Content starts
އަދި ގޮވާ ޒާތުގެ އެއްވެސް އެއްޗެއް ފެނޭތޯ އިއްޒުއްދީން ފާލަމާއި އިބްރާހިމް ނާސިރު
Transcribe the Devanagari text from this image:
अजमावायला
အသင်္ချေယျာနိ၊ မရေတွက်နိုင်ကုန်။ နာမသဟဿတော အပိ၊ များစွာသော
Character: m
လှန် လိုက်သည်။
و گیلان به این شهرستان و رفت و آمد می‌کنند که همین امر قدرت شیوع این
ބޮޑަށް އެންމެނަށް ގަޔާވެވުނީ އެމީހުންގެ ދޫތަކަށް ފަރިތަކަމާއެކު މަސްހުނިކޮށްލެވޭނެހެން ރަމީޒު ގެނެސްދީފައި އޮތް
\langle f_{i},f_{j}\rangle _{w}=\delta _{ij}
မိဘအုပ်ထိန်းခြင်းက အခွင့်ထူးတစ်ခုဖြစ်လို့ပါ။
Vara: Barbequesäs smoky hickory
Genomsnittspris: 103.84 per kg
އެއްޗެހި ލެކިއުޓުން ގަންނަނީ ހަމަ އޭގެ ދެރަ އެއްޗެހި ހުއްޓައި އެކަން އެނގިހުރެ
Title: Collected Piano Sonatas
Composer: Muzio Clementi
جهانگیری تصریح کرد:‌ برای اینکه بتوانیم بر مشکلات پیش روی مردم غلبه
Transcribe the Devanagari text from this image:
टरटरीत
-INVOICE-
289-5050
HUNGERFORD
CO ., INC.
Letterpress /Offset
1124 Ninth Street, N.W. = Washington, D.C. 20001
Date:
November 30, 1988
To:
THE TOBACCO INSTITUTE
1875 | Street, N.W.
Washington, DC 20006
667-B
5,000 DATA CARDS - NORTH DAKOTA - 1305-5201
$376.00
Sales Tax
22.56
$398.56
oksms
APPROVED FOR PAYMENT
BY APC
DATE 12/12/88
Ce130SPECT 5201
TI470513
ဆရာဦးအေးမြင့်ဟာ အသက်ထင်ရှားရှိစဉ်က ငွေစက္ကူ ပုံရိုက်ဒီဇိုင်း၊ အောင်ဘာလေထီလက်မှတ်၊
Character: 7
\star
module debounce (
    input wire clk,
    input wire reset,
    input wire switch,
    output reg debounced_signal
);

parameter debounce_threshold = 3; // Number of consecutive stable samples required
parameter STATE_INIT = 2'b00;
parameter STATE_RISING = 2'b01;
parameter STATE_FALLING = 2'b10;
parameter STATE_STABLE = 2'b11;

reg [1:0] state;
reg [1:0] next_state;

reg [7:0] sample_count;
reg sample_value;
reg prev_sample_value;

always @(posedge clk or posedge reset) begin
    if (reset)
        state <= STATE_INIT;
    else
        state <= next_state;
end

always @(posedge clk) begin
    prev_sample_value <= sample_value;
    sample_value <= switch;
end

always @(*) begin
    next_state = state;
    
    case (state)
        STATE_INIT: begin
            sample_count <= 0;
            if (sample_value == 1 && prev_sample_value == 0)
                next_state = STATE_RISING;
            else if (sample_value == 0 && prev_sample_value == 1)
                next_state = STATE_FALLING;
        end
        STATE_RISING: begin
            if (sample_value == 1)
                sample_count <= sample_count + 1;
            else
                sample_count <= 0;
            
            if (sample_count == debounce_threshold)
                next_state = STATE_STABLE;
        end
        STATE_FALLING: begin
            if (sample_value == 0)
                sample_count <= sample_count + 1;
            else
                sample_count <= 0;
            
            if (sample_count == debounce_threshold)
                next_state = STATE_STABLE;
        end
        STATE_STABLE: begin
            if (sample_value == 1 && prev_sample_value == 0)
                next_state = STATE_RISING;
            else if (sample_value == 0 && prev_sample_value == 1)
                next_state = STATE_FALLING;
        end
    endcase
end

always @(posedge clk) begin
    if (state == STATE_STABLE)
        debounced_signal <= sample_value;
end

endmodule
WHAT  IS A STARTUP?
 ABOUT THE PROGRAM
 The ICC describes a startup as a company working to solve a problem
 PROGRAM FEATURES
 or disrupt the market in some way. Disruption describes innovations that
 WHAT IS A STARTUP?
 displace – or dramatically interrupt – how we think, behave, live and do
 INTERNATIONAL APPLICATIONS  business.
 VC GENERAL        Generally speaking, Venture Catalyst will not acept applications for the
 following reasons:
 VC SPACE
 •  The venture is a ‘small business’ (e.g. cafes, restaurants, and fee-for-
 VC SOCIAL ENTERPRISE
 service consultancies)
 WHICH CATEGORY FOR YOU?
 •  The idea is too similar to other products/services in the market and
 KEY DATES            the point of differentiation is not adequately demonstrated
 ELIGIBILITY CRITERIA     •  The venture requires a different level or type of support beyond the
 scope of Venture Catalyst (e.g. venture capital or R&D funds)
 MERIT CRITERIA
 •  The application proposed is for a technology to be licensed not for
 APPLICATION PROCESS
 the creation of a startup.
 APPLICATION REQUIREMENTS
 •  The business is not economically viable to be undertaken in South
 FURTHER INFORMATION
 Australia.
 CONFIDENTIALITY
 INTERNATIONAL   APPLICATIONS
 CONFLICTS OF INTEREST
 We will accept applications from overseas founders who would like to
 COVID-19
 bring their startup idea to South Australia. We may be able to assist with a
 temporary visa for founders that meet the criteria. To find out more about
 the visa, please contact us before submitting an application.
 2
Content ends
> **Work request**: Write the entries out once more, exactly as they appear.

> **Expected answer**:
އަދި ގޮވާ ޒާތުގެ އެއްވެސް އެއްޗެއް ފެނޭތޯ އިއްޒުއްދީން ފާލަމާއި އިބްރާހިމް ނާސިރު
Transcribe the Devanagari text from this image:
अजमावायला
အသင်္ချေယျာနိ၊ မရေတွက်နိုင်ကုန်။ နာမသဟဿတော အပိ၊ များစွာသော
Character: m
လှန် လိုက်သည်။
و گیلان به این شهرستان و رفت و آمد می‌کنند که همین امر قدرت شیوع این
ބޮޑަށް އެންމެނަށް ގަޔާވެވުނީ އެމީހުންގެ ދޫތަކަށް ފަރިތަކަމާއެކު މަސްހުނިކޮށްލެވޭނެހެން ރަމީޒު ގެނެސްދީފައި އޮތް
\langle f_{i},f_{j}\rangle _{w}=\delta _{ij}
မိဘအုပ်ထိန်းခြင်းက အခွင့်ထူးတစ်ခုဖြစ်လို့ပါ။
Vara: Barbequesäs smoky hickory
Genomsnittspris: 103.84 per kg
އެއްޗެހި ލެކިއުޓުން ގަންނަނީ ހަމަ އޭގެ ދެރަ އެއްޗެހި ހުއްޓައި އެކަން އެނގިހުރެ
Title: Collected Piano Sonatas
Composer: Muzio Clementi
جهانگیری تصریح کرد:‌ برای اینکه بتوانیم بر مشکلات پیش روی مردم غلبه
Transcribe the Devanagari text from this image:
टरटरीत
-INVOICE-
289-5050
HUNGERFORD
CO ., INC.
Letterpress /Offset
1124 Ninth Street, N.W. = Washington, D.C. 20001
Date:
November 30, 1988
To:
THE TOBACCO INSTITUTE
1875 | Street, N.W.
Washington, DC 20006
667-B
5,000 DATA CARDS - NORTH DAKOTA - 1305-5201
$376.00
Sales Tax
22.56
$398.56
oksms
APPROVED FOR PAYMENT
BY APC
DATE 12/12/88
Ce130SPECT 5201
TI470513
ဆရာဦးအေးမြင့်ဟာ အသက်ထင်ရှားရှိစဉ်က ငွေစက္ကူ ပုံရိုက်ဒီဇိုင်း၊ အောင်ဘာလေထီလက်မှတ်၊
Character: 7
\star
module debounce (
    input wire clk,
    input wire reset,
    input wire switch,
    output reg debounced_signal
);

parameter debounce_threshold = 3; // Number of consecutive stable samples required
parameter STATE_INIT = 2'b00;
parameter STATE_RISING = 2'b01;
parameter STATE_FALLING = 2'b10;
parameter STATE_STABLE = 2'b11;

reg [1:0] state;
reg [1:0] next_state;

reg [7:0] sample_count;
reg sample_value;
reg prev_sample_value;

always @(posedge clk or posedge reset) begin
    if (reset)
        state <= STATE_INIT;
    else
        state <= next_state;
end

always @(posedge clk) begin
    prev_sample_value <= sample_value;
    sample_value <= switch;
end

always @(*) begin
    next_state = state;
    
    case (state)
        STATE_INIT: begin
            sample_count <= 0;
            if (sample_value == 1 && prev_sample_value == 0)
                next_state = STATE_RISING;
            else if (sample_value == 0 && prev_sample_value == 1)
                next_state = STATE_FALLING;
        end
        STATE_RISING: begin
            if (sample_value == 1)
                sample_count <= sample_count + 1;
            else
                sample_count <= 0;
            
            if (sample_count == debounce_threshold)
                next_state = STATE_STABLE;
        end
        STATE_FALLING: begin
            if (sample_value == 0)
                sample_count <= sample_count + 1;
            else
                sample_count <= 0;
            
            if (sample_count == debounce_threshold)
                next_state = STATE_STABLE;
        end
        STATE_STABLE: begin
            if (sample_value == 1 && prev_sample_value == 0)
                next_state = STATE_RISING;
            else if (sample_value == 0 && prev_sample_value == 1)
                next_state = STATE_FALLING;
        end
    endcase
end

always @(posedge clk) begin
    if (state == STATE_STABLE)
        debounced_signal <= sample_value;
end

endmodule
WHAT  IS A STARTUP?
 ABOUT THE PROGRAM
 The ICC describes a startup as a company working to solve a problem
 PROGRAM FEATURES
 or disrupt the market in some way. Disruption describes innovations that
 WHAT IS A STARTUP?
 displace – or dramatically interrupt – how we think, behave, live and do
 INTERNATIONAL APPLICATIONS  business.
 VC GENERAL        Generally speaking, Venture Catalyst will not acept applications for the
 following reasons:
 VC SPACE
 •  The venture is a ‘small business’ (e.g. cafes, restaurants, and fee-for-
 VC SOCIAL ENTERPRISE
 service consultancies)
 WHICH CATEGORY FOR YOU?
 •  The idea is too similar to other products/services in the market and
 KEY DATES            the point of differentiation is not adequately demonstrated
 ELIGIBILITY CRITERIA     •  The venture requires a different level or type of support beyond the
 scope of Venture Catalyst (e.g. venture capital or R&D funds)
 MERIT CRITERIA
 •  The application proposed is for a technology to be licensed not for
 APPLICATION PROCESS
 the creation of a startup.
 APPLICATION REQUIREMENTS
 •  The business is not economically viable to be undertaken in South
 FURTHER INFORMATION
 Australia.
 CONFIDENTIALITY
 INTERNATIONAL   APPLICATIONS
 CONFLICTS OF INTEREST
 We will accept applications from overseas founders who would like to
 COVID-19
 bring their startup idea to South Australia. We may be able to assist with a
 temporary visa for founders that meet the criteria. To find out more about
 the visa, please contact us before submitting an application.
 2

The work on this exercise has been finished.